13 GAMs and Trees

class: center, middle, inverse, title-slide

.title[
# 13 GAMs and Trees
]
.author[
### STAT 406
]
.author[
### Daniel J. McDonald
]
.date[
### Last modified - 2022-10-03
]

---

## GAMs

Last time we discussed smoothing in multiple dimensions.

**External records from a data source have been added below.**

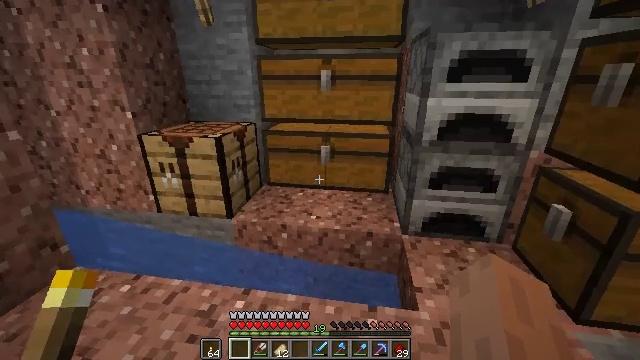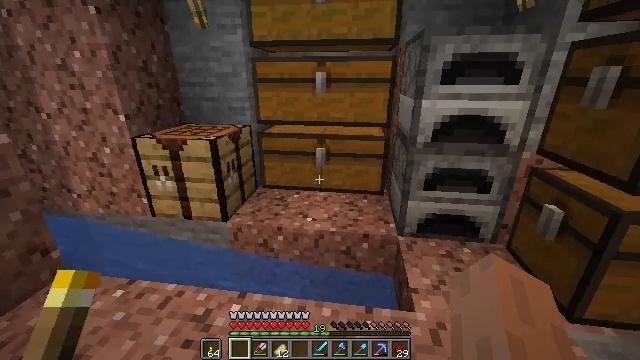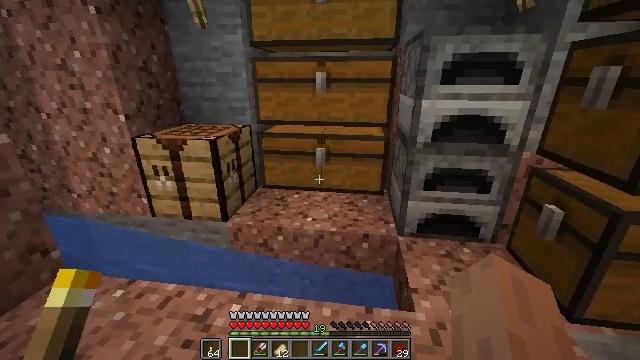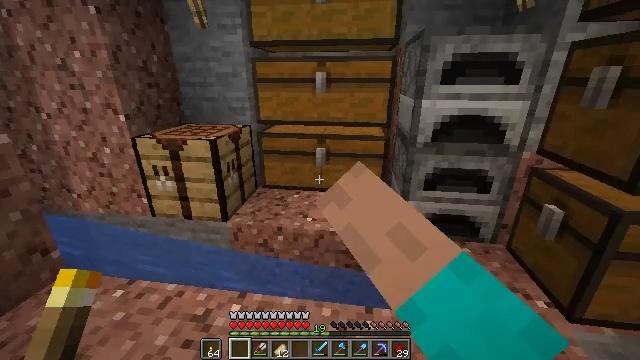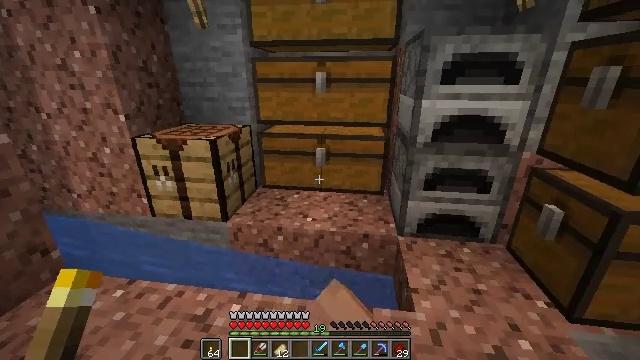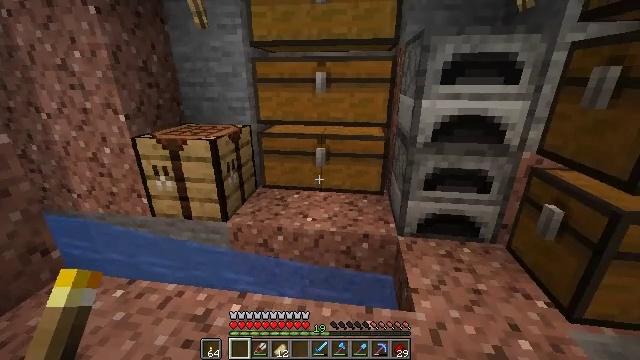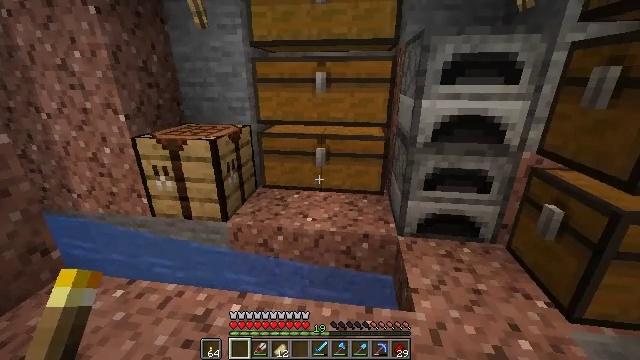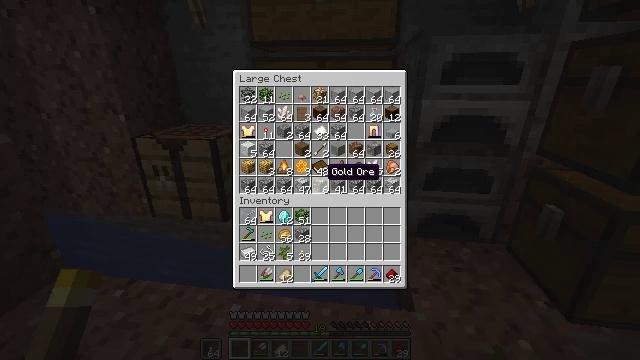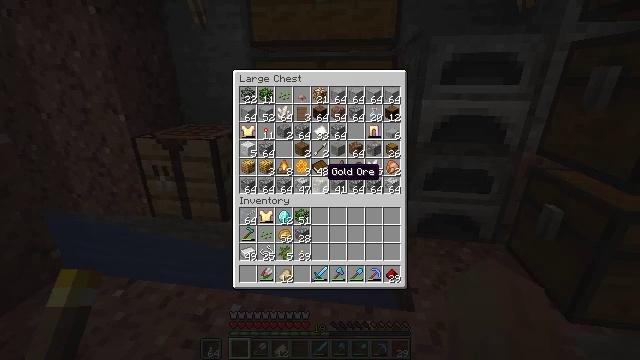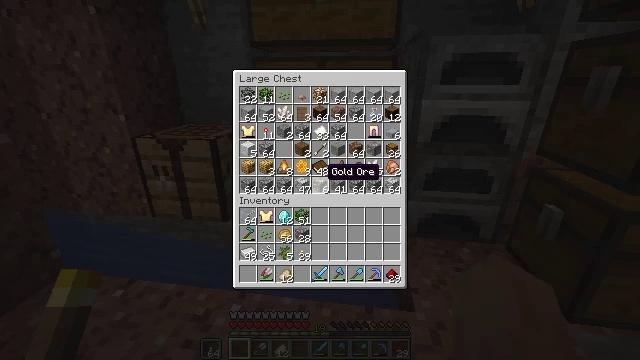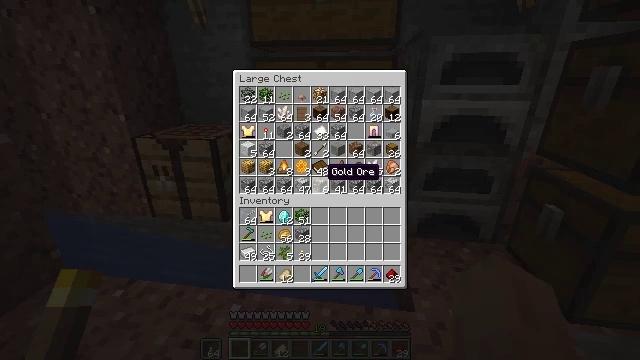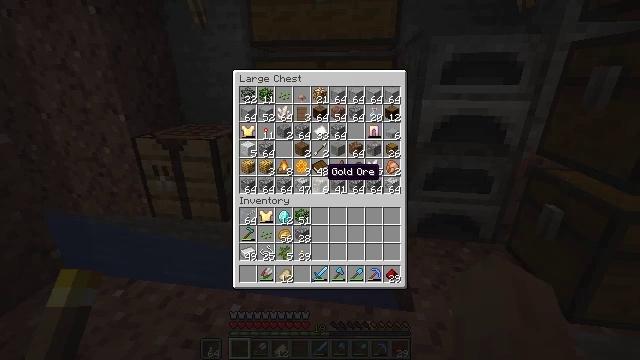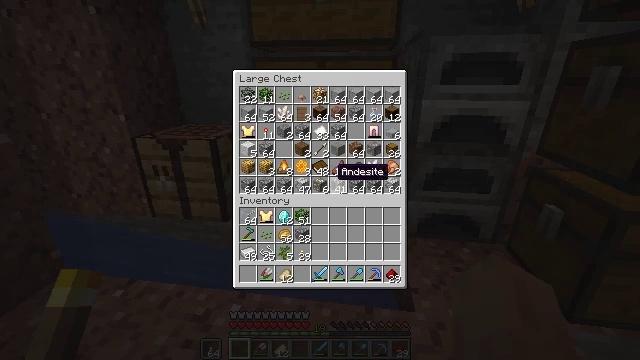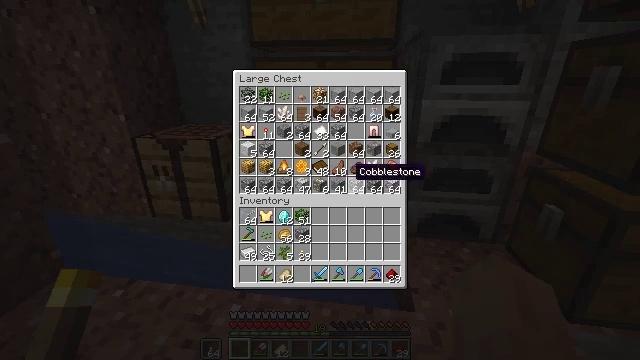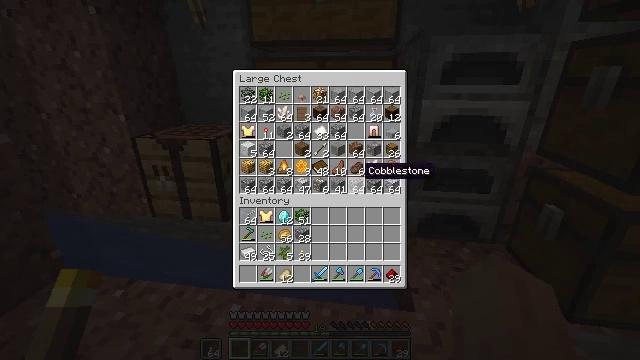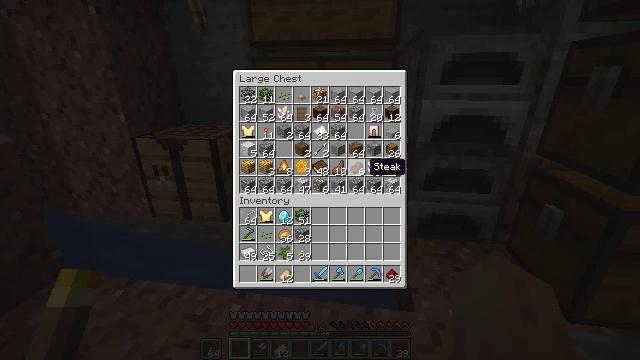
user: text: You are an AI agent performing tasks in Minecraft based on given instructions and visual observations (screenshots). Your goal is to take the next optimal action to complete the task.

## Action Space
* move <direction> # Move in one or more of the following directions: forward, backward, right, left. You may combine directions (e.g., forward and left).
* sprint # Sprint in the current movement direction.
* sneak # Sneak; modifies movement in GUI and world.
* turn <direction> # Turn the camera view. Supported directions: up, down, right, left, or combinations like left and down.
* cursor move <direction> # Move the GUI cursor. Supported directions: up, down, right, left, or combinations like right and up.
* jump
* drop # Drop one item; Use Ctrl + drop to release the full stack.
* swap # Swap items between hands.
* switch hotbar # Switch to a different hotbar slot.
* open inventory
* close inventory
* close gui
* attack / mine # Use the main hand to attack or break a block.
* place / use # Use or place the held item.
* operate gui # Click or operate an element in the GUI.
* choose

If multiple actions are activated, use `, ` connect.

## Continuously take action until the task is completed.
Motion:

`$$\newcommand{\Expect}[1]{E\left[ #1 \right]}
\newcommand{\Var}[1]{\mathrm{Var}\left[ #1 \right]}
\newcommand{\Cov}[2]{\mathrm{Cov}\left[#1,\ #2\right]}
\newcommand{\given}{\ \vert\ }
\newcommand{\R}{\mathbb{R}}
\newcommand{\tr}[1]{\mbox{tr}(#1)}
\newcommand{\X}{\mathbf{X}}
\newcommand{\y}{\mathbf{y}}$$`

Here we introduce the concept of GAMs (__G__eneralized __A__dditive __M__odels)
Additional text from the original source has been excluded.